Sunday, November 25, 2007

86

There's nothing to remind me of how far I still need to go with studies of the Mongolian language like trying to say to someone who knows no English: "the dominant language is a symptom of political authority."

He was a writer in exile, and he has just asked why I wanted to learn a little, 'unimportant' language like Mongolian. After all, it's not like Spanish, which half the population of my home state speak. Hardly anyone who does not grow up speaking Mongolian endeavors to learn it, something I learned while looking for a summer language course and finding only one official one in the USA. But it has become more important to me every time I travel to a developing country and see some scantily clad blonde actress on the side of a bus to find ways to participate in regional culture in the ways I can. Now, to be clear: I love American pop culture. I think it's hilarious and totally entertaining and my favorite movies are romantic comedies. But I am, as Slug puts it, trying to find a balance, and since I am better at language than I am at herding camels, learning the Mongolian language is my way to honor regional culture--and express a little political subversiveness. I was born where people speak the language being imposed on the globe, the language people in Mongolia and many, many other countries save up their money to be ble to take classes and study--because without knowledge of the English language, a well-paying job here is virtually ungettable.
Since no translation is ever perfect, a different version of reality/truth is expressed by each different language, and learning an obscure language is outfitting oneself with a new filter through which to understand reality. And that, that's always scary to People in Power.

One of the biggest honors I have had since moving to Mongolia and starting my work with writers was meeting this Inner Mongolian writer living in exile here in UB. His children live and work in Japan in Korea. He is 40 years old, soft spoken, very kind, and the Chinese police went after him three times in 2005 until he finally came here. The offensive documents were books of essays he'd written (in traditional Mongolian script, which Inner Mongolians still use over cyrillic) about politics, race, and society.
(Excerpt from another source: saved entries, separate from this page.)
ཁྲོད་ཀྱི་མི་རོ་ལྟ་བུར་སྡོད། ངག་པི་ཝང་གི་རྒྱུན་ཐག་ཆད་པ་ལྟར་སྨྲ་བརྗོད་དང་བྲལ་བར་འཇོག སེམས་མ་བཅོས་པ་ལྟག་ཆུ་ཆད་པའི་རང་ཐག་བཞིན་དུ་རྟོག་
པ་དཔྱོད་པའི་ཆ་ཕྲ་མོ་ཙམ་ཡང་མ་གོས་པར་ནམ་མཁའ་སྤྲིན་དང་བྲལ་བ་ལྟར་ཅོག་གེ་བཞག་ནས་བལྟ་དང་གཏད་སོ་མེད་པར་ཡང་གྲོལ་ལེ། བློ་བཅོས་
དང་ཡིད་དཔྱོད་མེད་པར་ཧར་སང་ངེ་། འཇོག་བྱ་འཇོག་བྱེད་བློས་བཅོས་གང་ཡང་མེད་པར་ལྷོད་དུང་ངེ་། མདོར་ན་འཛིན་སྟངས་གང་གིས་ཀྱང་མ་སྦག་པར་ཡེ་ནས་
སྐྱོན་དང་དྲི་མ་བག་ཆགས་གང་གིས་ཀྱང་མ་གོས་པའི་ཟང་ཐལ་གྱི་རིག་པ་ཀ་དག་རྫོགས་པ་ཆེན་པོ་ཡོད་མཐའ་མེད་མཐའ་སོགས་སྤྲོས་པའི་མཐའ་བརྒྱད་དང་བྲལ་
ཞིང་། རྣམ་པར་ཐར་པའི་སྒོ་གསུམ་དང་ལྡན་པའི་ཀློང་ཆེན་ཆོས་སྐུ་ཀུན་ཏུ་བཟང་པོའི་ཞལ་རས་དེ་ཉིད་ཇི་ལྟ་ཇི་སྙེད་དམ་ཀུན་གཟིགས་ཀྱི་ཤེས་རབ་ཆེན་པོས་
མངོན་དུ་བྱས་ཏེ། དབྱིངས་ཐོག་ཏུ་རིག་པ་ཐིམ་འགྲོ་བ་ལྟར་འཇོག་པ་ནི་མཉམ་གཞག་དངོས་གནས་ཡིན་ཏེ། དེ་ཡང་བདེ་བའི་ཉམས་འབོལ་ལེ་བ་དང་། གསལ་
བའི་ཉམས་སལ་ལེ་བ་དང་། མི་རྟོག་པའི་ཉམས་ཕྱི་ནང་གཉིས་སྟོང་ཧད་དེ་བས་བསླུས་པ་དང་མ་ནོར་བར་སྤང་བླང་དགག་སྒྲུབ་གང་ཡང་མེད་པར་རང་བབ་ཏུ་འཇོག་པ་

Writers in exile are a living, suffering reminder of how high the stakes can get for those of us working in the field of the written word. There is a misonception out there that only journalism can be dangerous to do, that only journalism out of all literature is politically relevant. That misconception is held by people like my younger self in countries like America, where sure, censorship happens, but not always to the violent degree it happens elsewhere. I remember something Linda Oppen said to me of the years her parents, Mary and George Oppen, spent in Mexico during the 1950s McCarthy-era emigration of many American artists. Linda was a young girl at the time and I said it must have been fun living in Mexico with a house full of animals like they did. Linda reminded me that a life in exile is not a happy life, and that her parents were deeply unhappy in many ways during their time there. Ten years away from home.

And for refugees--those whose homes are obliterated and never there to go back to. Too many people to count live this reality, and it's one I can't imagine, a tragedy of the heart too deep for me to see. While there are certain things I learn when I study new languages, how it feels to be forced out of one's home is not one of them.